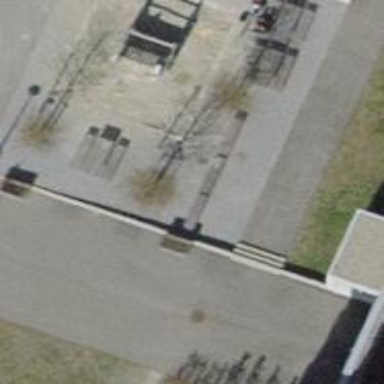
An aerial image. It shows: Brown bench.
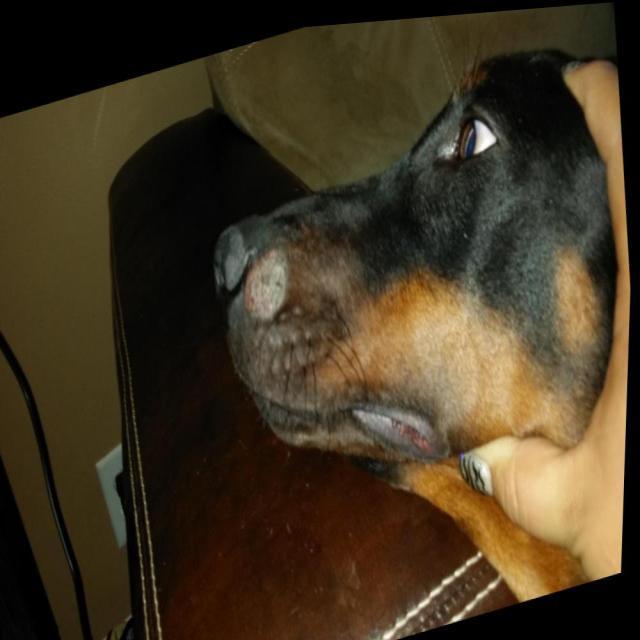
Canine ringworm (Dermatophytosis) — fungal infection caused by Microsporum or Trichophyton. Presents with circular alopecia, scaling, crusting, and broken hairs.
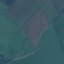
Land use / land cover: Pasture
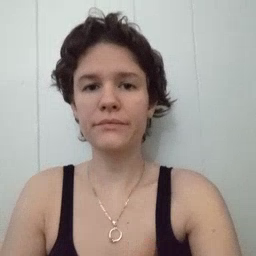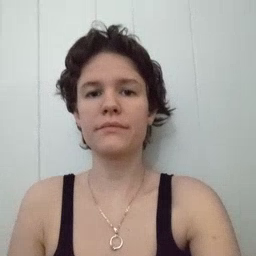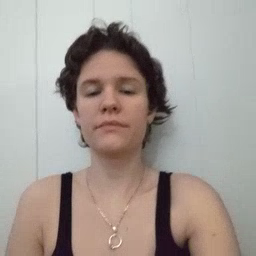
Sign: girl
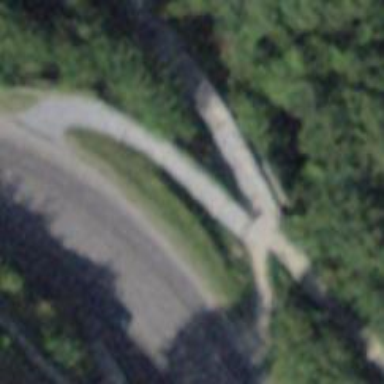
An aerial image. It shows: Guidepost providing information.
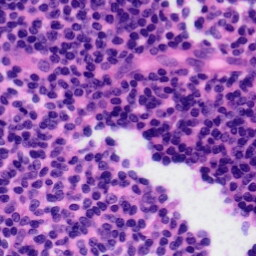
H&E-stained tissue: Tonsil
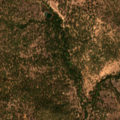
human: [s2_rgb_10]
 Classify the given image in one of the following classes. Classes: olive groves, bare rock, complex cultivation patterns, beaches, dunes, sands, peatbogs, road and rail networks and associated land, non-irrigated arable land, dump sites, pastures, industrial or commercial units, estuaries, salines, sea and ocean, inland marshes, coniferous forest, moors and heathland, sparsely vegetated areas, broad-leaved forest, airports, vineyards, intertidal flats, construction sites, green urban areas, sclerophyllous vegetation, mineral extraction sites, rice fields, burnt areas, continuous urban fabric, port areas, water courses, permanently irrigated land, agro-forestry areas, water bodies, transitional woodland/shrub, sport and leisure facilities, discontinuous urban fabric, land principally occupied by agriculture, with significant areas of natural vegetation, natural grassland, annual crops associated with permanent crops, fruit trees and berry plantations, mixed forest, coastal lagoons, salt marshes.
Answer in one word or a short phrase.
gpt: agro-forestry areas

§ Task description
When you retype the material above, copy each line exactly and drop whatever images appear in it.

§ Expected answer
An aerial image. It shows: Brown bench.
Canine ringworm (Dermatophytosis) — fungal infection caused by Microsporum or Trichophyton. Presents with circular alopecia, scaling, crusting, and broken hairs.
Land use / land cover: Pasture
Sign: girl
An aerial image. It shows: Guidepost providing information.
H&E-stained tissue: Tonsil
human: [s2_rgb_10]
 Classify the given image in one of the following classes. Classes: olive groves, bare rock, complex cultivation patterns, beaches, dunes, sands, peatbogs, road and rail networks and associated land, non-irrigated arable land, dump sites, pastures, industrial or commercial units, estuaries, salines, sea and ocean, inland marshes, coniferous forest, moors and heathland, sparsely vegetated areas, broad-leaved forest, airports, vineyards, intertidal flats, construction sites, green urban areas, sclerophyllous vegetation, mineral extraction sites, rice fields, burnt areas, continuous urban fabric, port areas, water courses, permanently irrigated land, agro-forestry areas, water bodies, transitional woodland/shrub, sport and leisure facilities, discontinuous urban fabric, land principally occupied by agriculture, with significant areas of natural vegetation, natural grassland, annual crops associated with permanent crops, fruit trees and berry plantations, mixed forest, coastal lagoons, salt marshes.
Answer in one word or a short phrase.
gpt: agro-forestry areas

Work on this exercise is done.